Distributed Facetime

monthly "all hands" (everyone silently wave via hangout)

Friday lightning talks

Bi weekly things
recorded; So if you can't make it, you can watch it later.

Company hangouts occasionally. Cultural diversity.

"Distributed teams increase the changes of diversity due to having people from diff cultures and backgrounds"

Travis CI team

German, say no. No means no. "That was an 'ok' talk but we need to review 3 things".

US, much more enthusiast abt things. \o/ awesome.

from US: great, good, needs improvement

from German: great, good, needs improvement, okay, no.

Tone and nuance gets lost in writing

English main language in the company
BUT difficult sometimes to parse the nuances, the means.

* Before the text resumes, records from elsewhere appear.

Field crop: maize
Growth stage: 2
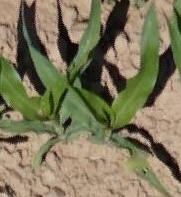
Species: maize
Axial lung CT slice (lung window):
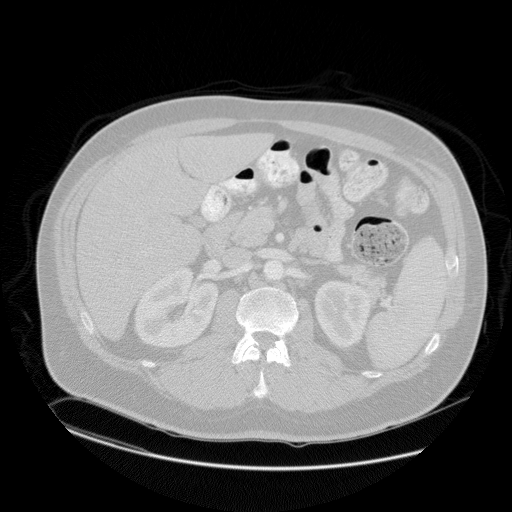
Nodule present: no
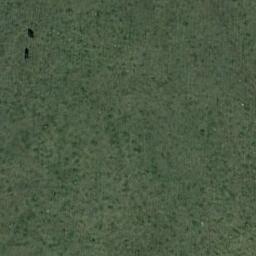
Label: meadow
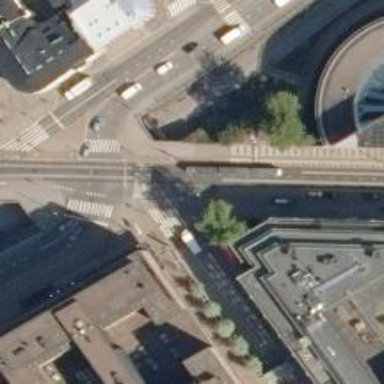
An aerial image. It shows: Asphalt secondary road with embedded tram rails.
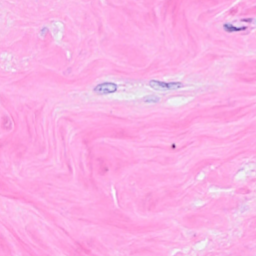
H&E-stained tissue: Breast
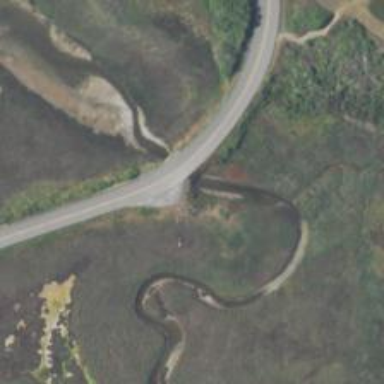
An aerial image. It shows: Culvert tunnel through tidal channel.
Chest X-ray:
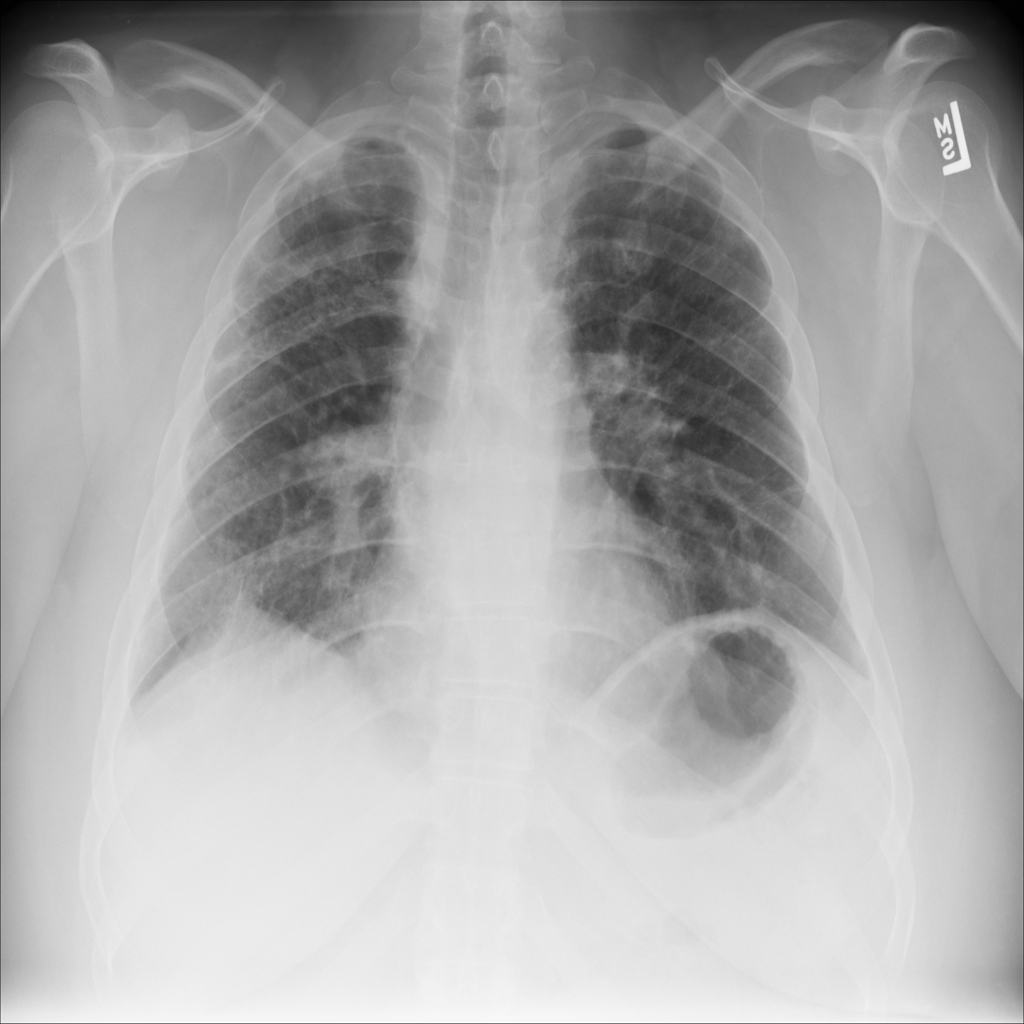
Findings: Fibrosis
No abnormal finding: no
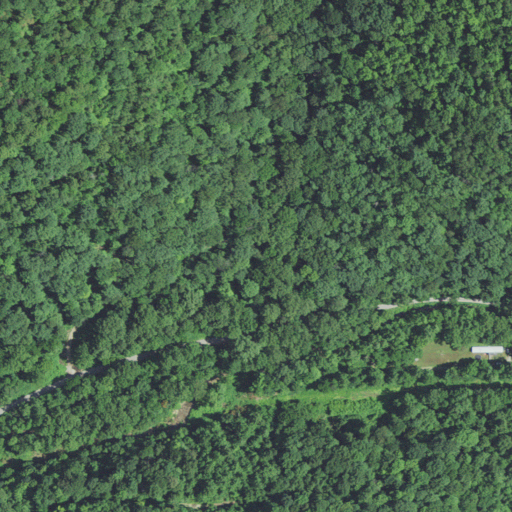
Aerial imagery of valley in West Virginia named Dark Hollow containing deciduous forest, open development, and mixed forest
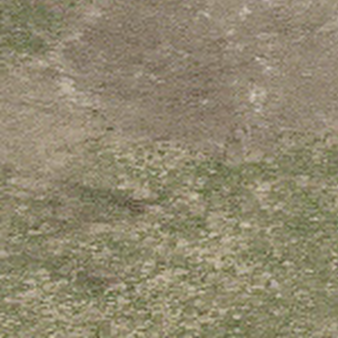
Label: other
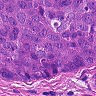
Metastatic tissue present: yes

"Never attribute to malice or stupidity that which is adequately explained by a missing perspective"

Travis CI Team

English is ambiguous

Lots of meanings for same words in English

It's ok to ask questions

Really, it's OK to ask questions
Even in a distributed fashion, it's ok to ask questions

Work culture

European benefits to everyone
2 weeks vacations vs long weekends (in the US)

Care about the humans.

"Sending people offline for a vacation is like Chaos Monkey for orgs"

Courtney Nash

Salaries and Cost of Living

Salary framework take that into account
CTO Konstantin's talk abt that is really nice.
Clear expectations abt salary, clear expectations on next steps.

We are not remote-first.

Team lunch once a week.

Your own Mileage May Very. We do things like that but we have constant changes.

Thanking his team. Thanking audience.